◆ Records from a collection

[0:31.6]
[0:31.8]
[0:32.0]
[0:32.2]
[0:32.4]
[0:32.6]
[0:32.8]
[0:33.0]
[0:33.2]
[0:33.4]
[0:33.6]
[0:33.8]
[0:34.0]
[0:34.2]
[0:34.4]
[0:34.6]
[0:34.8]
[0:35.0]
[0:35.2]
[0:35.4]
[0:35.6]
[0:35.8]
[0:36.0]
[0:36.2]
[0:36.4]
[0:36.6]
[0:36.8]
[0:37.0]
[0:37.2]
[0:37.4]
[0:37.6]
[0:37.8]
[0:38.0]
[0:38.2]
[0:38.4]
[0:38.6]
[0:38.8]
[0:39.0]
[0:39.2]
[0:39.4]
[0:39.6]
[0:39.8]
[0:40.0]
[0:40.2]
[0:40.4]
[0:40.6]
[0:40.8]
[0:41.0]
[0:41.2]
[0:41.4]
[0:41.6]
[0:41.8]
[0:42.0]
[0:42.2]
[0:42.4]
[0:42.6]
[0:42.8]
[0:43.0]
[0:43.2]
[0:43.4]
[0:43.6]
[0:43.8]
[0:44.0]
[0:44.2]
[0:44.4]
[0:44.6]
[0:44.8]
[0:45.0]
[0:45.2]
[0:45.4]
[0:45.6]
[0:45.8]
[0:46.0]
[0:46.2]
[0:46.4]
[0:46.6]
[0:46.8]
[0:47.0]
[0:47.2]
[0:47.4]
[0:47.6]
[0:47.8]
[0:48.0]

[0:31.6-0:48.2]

◆ WORK INSTRUCTION
Give each line of the records above again, unchanged.

◆ OUTPUT
[0:31.6]
[0:31.8]
[0:32.0]
[0:32.2]
[0:32.4]
[0:32.6]
[0:32.8]
[0:33.0]
[0:33.2]
[0:33.4]
[0:33.6]
[0:33.8]
[0:34.0]
[0:34.2]
[0:34.4]
[0:34.6]
[0:34.8]
[0:35.0]
[0:35.2]
[0:35.4]
[0:35.6]
[0:35.8]
[0:36.0]
[0:36.2]
[0:36.4]
[0:36.6]
[0:36.8]
[0:37.0]
[0:37.2]
[0:37.4]
[0:37.6]
[0:37.8]
[0:38.0]
[0:38.2]
[0:38.4]
[0:38.6]
[0:38.8]
[0:39.0]
[0:39.2]
[0:39.4]
[0:39.6]
[0:39.8]
[0:40.0]
[0:40.2]
[0:40.4]
[0:40.6]
[0:40.8]
[0:41.0]
[0:41.2]
[0:41.4]
[0:41.6]
[0:41.8]
[0:42.0]
[0:42.2]
[0:42.4]
[0:42.6]
[0:42.8]
[0:43.0]
[0:43.2]
[0:43.4]
[0:43.6]
[0:43.8]
[0:44.0]
[0:44.2]
[0:44.4]
[0:44.6]
[0:44.8]
[0:45.0]
[0:45.2]
[0:45.4]
[0:45.6]
[0:45.8]
[0:46.0]
[0:46.2]
[0:46.4]
[0:46.6]
[0:46.8]
[0:47.0]
[0:47.2]
[0:47.4]
[0:47.6]
[0:47.8]
[0:48.0]

[0:31.6-0:48.2]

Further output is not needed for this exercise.